The Lattice Agent

Purpose. A lightweight background executable that runs on workstations, servers, and ephemeral cloud nodes. It learns local baselines, detects anomalies, and can contain suspicious activity before it propagates.

Design goals

• Low friction: ~1–3% CPU during active analysis bursts; idle footprint targeted to be negligible.

• Portable: Windows (service), Linux (systemd), macOS (launch daemon). Container sidecar for CI/CD runners.

• Self-protections: signed binaries, ASLR/DEP hardening, secure update channel, rollback on failure.

What it observes (privacy-minimized)

• Process graph: parent/child relationships, token use, privilege escalation attempts.

• Network flows: destination tuples, TLS SNI, egress patterns (no payload inspection by default).

• File integrity: hash diffs for sensitive paths, unusual encryption bursts, mass rename/delete.

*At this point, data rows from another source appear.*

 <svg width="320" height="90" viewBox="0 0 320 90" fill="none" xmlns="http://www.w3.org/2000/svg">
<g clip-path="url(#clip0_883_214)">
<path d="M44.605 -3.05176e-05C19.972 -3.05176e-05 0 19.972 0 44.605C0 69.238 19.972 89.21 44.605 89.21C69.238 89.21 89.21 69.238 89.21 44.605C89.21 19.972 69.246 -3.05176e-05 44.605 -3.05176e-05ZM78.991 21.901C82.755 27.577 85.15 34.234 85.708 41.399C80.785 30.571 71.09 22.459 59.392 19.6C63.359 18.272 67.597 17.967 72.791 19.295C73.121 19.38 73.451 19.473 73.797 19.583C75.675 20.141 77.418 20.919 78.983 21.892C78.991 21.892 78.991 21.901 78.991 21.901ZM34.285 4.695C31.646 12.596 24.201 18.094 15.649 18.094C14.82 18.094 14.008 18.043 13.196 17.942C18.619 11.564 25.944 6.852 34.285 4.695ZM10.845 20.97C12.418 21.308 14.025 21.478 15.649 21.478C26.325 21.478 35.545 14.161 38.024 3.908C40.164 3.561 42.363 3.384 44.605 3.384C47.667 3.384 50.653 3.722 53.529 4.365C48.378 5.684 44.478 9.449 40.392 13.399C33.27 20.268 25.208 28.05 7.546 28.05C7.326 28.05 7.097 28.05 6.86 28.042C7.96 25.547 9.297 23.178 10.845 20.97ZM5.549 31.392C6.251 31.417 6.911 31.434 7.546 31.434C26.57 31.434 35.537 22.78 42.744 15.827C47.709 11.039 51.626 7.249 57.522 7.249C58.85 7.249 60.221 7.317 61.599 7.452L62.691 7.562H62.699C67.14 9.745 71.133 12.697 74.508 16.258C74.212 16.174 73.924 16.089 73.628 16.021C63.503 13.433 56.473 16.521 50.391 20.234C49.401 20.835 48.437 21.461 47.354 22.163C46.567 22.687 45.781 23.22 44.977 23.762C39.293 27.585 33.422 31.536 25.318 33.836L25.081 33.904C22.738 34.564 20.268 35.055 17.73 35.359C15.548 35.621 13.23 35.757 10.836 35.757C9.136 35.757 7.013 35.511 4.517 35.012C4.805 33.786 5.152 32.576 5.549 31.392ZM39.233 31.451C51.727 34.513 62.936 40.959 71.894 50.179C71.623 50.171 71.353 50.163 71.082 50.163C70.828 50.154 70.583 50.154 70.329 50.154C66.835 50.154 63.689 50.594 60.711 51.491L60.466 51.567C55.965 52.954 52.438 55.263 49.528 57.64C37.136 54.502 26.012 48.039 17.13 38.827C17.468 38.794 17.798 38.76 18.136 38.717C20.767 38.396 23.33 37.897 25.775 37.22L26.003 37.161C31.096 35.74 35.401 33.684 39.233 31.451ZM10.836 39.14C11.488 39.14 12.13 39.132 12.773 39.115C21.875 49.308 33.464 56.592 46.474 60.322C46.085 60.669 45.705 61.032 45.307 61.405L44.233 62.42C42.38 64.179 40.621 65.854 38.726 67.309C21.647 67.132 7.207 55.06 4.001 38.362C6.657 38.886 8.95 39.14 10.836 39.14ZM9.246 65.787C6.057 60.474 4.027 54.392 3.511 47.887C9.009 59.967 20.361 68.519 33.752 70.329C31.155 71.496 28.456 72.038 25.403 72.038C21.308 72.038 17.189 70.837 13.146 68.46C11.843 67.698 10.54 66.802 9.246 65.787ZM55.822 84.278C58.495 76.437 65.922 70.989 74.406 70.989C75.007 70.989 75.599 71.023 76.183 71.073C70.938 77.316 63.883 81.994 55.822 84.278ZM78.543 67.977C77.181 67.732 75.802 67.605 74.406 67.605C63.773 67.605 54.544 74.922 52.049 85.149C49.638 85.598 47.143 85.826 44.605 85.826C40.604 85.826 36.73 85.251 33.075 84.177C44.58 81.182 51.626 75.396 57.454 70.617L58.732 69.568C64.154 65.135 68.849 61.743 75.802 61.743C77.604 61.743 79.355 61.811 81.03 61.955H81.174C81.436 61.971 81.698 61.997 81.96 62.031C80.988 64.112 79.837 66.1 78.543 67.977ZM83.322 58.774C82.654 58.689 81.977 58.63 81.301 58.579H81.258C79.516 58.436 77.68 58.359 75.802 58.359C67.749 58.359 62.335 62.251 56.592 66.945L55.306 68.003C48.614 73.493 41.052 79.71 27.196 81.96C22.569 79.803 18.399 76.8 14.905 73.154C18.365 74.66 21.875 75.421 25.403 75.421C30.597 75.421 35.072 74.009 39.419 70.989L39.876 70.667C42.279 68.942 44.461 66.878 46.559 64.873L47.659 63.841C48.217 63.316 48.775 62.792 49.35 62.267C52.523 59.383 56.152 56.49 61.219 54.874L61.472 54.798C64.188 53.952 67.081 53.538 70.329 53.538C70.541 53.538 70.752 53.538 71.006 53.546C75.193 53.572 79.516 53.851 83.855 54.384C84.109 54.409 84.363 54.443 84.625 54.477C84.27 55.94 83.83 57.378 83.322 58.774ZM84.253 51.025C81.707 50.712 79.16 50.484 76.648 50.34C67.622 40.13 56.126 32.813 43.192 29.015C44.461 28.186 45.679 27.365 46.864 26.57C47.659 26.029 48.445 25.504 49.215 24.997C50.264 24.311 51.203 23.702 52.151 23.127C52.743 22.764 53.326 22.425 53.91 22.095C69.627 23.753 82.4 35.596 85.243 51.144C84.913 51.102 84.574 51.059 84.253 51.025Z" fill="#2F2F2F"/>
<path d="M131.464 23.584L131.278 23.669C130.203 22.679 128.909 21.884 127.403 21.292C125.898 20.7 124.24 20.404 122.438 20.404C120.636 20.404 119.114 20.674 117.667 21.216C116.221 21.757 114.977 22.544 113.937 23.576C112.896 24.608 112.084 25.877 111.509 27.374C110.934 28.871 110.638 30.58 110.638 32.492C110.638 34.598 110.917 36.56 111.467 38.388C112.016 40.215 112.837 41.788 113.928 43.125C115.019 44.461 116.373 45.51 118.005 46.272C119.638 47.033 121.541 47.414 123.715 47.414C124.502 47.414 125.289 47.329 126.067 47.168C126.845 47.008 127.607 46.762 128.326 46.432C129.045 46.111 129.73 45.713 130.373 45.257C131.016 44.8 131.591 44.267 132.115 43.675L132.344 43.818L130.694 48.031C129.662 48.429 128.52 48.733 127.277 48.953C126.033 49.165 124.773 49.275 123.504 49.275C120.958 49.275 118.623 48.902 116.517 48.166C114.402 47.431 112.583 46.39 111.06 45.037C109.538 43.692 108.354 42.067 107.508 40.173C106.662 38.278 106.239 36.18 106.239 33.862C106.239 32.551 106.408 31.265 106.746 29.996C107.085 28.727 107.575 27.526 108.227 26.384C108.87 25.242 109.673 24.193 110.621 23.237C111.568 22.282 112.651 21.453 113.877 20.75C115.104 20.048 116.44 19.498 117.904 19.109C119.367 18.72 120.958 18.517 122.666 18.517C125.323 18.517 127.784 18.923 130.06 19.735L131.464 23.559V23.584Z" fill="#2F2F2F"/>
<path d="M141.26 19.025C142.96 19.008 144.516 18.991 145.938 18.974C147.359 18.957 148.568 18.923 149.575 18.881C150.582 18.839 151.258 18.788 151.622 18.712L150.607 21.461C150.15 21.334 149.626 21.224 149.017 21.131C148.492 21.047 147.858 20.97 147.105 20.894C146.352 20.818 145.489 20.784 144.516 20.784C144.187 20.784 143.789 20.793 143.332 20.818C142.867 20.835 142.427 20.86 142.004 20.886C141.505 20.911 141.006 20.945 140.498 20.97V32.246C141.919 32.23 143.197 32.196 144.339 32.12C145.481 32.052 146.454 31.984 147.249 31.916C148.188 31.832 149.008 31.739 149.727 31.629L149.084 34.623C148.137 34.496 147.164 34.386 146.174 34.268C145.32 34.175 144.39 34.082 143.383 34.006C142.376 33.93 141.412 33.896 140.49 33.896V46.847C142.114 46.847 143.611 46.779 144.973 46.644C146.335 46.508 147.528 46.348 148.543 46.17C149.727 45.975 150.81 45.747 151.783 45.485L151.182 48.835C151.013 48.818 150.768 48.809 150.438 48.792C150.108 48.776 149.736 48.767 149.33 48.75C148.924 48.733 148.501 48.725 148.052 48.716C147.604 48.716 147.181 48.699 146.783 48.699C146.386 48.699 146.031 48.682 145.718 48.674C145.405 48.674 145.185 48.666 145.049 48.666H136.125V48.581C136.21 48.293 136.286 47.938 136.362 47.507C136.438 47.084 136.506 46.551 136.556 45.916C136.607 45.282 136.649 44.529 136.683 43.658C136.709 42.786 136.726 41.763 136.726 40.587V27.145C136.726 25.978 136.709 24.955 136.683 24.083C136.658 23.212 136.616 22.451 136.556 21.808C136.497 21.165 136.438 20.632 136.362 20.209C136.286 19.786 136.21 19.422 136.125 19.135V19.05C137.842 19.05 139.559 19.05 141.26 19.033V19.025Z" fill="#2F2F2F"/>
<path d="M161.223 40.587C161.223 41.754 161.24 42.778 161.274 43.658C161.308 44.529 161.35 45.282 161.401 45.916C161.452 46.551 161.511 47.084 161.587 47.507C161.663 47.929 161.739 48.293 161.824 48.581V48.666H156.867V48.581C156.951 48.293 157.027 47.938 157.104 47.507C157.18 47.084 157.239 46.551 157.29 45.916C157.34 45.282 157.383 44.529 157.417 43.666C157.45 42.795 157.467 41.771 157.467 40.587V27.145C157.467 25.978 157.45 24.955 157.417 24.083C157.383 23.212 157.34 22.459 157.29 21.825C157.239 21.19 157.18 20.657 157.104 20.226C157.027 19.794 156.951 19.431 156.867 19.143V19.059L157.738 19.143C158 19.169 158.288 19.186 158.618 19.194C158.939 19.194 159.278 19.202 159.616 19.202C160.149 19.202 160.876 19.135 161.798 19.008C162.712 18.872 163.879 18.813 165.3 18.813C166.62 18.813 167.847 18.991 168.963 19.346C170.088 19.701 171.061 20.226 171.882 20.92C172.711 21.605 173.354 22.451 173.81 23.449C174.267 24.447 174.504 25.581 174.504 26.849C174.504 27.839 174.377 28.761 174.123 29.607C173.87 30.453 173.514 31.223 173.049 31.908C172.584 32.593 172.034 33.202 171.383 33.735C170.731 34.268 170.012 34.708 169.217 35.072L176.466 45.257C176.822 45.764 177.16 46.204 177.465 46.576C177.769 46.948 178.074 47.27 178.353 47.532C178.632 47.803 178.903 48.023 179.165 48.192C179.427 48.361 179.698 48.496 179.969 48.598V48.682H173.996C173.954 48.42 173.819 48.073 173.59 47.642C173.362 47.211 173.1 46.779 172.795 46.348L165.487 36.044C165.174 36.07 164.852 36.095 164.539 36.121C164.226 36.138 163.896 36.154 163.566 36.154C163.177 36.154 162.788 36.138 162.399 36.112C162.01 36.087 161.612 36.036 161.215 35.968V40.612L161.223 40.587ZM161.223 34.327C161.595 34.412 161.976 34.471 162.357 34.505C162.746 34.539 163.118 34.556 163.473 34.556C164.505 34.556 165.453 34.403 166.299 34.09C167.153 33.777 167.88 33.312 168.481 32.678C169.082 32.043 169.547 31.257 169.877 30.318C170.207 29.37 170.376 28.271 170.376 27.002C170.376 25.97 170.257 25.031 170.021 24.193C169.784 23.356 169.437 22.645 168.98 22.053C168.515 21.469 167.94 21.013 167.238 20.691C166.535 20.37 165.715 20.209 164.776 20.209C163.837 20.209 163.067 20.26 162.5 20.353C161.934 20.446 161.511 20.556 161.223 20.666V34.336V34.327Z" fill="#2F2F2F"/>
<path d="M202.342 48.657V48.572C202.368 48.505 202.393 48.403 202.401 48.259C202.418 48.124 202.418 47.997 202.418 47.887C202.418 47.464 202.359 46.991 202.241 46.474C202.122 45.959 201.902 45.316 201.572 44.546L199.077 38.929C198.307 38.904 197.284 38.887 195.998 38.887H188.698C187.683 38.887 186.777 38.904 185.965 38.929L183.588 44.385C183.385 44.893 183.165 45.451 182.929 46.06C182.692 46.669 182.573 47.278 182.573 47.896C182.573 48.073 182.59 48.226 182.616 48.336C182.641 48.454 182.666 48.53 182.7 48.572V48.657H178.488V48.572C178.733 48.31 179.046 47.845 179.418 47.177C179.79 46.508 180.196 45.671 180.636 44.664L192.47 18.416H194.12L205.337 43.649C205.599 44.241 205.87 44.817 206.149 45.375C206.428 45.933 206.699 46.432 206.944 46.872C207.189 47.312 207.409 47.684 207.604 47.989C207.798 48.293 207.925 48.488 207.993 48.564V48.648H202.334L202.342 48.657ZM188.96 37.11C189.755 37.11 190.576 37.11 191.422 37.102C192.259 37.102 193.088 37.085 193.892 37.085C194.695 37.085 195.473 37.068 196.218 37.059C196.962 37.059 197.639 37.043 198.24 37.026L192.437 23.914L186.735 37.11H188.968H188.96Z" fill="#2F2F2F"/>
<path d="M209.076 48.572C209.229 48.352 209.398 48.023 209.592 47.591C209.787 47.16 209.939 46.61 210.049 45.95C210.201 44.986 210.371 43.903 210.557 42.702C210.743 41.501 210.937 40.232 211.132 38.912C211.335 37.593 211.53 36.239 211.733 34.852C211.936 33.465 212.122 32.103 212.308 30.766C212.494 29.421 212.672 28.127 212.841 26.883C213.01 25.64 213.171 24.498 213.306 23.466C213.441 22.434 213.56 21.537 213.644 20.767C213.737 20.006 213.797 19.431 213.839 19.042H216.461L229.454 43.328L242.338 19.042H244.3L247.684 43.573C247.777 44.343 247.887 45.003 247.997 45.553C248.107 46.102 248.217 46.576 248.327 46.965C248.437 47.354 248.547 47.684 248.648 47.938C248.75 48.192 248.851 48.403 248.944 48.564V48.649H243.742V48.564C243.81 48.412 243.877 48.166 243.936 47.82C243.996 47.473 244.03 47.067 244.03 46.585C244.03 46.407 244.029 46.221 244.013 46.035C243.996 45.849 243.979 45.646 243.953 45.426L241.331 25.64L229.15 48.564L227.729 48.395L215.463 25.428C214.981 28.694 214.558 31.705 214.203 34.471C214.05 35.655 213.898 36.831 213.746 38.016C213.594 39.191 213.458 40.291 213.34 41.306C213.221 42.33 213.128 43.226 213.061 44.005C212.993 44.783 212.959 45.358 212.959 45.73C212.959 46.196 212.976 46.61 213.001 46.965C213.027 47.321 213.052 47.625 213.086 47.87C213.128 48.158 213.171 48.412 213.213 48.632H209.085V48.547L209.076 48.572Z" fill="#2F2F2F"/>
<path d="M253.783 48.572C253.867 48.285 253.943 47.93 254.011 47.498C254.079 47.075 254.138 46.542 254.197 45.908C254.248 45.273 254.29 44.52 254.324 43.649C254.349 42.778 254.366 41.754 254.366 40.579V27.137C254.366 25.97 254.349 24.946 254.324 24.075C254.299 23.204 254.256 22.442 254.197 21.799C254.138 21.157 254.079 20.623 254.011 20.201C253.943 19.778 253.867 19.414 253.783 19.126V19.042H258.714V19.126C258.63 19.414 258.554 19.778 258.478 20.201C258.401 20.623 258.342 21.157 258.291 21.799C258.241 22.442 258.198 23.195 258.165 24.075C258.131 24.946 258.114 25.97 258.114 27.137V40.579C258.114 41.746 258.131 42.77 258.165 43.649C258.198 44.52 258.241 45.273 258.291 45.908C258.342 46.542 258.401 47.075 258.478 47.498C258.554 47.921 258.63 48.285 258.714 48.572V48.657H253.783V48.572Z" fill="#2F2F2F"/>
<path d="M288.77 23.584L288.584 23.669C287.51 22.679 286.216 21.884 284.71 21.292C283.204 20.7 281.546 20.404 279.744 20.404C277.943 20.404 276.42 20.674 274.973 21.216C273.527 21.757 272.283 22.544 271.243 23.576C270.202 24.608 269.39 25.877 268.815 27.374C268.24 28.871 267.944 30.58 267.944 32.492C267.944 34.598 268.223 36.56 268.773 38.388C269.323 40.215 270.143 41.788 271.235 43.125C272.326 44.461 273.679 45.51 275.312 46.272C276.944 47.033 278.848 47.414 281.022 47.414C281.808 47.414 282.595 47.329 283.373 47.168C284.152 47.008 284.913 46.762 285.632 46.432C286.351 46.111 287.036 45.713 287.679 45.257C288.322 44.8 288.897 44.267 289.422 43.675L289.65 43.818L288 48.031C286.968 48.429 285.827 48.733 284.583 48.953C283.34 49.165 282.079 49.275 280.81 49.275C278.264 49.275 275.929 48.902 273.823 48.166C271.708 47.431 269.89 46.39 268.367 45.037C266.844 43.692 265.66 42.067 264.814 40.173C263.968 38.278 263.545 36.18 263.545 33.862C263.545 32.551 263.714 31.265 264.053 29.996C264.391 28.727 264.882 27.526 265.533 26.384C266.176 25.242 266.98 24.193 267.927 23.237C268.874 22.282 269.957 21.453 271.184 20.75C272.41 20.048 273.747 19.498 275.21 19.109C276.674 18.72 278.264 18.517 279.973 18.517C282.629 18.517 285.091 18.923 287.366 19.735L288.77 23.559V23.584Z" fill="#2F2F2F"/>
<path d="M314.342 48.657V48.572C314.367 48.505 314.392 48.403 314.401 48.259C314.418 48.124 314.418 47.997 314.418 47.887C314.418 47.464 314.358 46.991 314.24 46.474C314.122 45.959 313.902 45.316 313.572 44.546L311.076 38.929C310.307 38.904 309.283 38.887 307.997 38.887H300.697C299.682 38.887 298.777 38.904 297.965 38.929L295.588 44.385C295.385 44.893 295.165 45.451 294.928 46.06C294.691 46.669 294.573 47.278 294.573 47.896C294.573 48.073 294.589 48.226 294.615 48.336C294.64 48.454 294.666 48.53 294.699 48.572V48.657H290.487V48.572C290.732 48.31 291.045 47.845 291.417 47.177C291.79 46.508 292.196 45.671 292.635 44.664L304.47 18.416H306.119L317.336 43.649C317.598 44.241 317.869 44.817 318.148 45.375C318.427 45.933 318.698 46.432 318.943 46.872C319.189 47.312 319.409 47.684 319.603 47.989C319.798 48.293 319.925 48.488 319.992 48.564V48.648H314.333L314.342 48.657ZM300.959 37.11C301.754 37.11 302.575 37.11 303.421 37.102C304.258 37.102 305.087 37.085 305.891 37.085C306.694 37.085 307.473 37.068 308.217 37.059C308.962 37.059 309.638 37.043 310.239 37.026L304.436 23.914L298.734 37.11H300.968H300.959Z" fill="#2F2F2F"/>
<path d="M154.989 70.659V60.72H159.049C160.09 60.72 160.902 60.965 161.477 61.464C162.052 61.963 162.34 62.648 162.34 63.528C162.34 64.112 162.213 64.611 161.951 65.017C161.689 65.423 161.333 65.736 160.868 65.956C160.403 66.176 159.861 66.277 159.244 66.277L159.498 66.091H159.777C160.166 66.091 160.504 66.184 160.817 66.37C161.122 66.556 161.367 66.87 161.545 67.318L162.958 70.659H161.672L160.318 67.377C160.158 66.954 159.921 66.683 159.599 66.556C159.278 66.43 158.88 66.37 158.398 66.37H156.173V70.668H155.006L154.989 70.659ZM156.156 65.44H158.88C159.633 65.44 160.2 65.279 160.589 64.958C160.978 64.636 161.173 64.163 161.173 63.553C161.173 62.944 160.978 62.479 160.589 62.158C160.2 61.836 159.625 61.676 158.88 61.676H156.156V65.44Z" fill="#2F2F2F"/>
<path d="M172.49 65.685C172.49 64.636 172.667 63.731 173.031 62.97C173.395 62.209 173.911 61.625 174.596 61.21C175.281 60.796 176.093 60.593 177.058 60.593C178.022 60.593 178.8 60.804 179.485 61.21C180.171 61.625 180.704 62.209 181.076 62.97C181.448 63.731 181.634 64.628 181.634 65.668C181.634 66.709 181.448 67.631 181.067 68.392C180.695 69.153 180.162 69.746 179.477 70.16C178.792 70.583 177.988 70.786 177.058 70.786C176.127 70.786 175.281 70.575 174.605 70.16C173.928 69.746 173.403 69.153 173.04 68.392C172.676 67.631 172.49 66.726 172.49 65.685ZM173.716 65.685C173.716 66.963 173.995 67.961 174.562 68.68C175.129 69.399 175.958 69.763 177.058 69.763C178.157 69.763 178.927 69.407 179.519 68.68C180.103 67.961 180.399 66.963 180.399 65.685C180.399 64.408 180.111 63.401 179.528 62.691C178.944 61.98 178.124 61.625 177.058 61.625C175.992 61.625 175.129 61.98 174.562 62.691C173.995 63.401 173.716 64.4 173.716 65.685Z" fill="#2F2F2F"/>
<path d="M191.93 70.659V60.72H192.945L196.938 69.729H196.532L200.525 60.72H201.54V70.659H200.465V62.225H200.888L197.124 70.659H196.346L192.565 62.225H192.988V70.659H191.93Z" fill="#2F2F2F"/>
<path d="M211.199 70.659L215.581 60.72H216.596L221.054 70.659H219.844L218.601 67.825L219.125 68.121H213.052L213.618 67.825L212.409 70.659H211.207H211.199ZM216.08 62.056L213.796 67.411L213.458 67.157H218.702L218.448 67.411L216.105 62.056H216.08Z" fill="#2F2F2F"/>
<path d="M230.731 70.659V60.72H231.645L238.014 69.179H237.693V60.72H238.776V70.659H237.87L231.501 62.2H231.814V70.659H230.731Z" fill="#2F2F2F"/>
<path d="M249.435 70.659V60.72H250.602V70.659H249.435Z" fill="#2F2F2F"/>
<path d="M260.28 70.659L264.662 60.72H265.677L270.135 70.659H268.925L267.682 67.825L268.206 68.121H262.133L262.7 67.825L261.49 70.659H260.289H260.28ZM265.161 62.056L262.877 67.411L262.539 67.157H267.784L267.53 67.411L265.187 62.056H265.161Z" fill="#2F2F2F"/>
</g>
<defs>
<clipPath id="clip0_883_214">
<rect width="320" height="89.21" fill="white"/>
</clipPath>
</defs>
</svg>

• User signals: off-hours logons, anomalous geo/IP, abnormal MFA prompts.

• DevOps hooks (optional): git client actions, build step scripts, package manager anomalies.

Local actions

• Soft isolate: kill process / block domain / restrict interface; expire automatically if cleared.

• Forensics capsule: short-lived, encrypted artifact (proc tree, hashes, flow summary).

• Explainability stub: why the agent acted (features + thresholds) for analyst review.

Event shape (agent → AI)

{
  "eid": "c9b3…",
  "ts": "2025-03-21T11:24:31Z",
  "host": {"id":"DESK-7821","os":"win","ver":"24H2"},
  "signal": {
    "kind": "proc.spawn",
    "parent": "powershell.exe",
    "child": "rclone.exe",
    "args": "--drive service_account.json"
  },
  "net": {"dst_ip":"203.0.113.26","dst_port":443,"sni":"undisclosed.cloud"},
  "risk": {"local_score":0.72,"action":"soft_isolate"},
  "proof": {"hmac":"6f2a…","nonce":"b1a…"}   // protects integrity before uplink
}

Why this matters The agent converts noisy telemetry into compact, privacy-respecting signals and—when necessary—buys time by containing threats locally while higher layers verify and coordinate a response.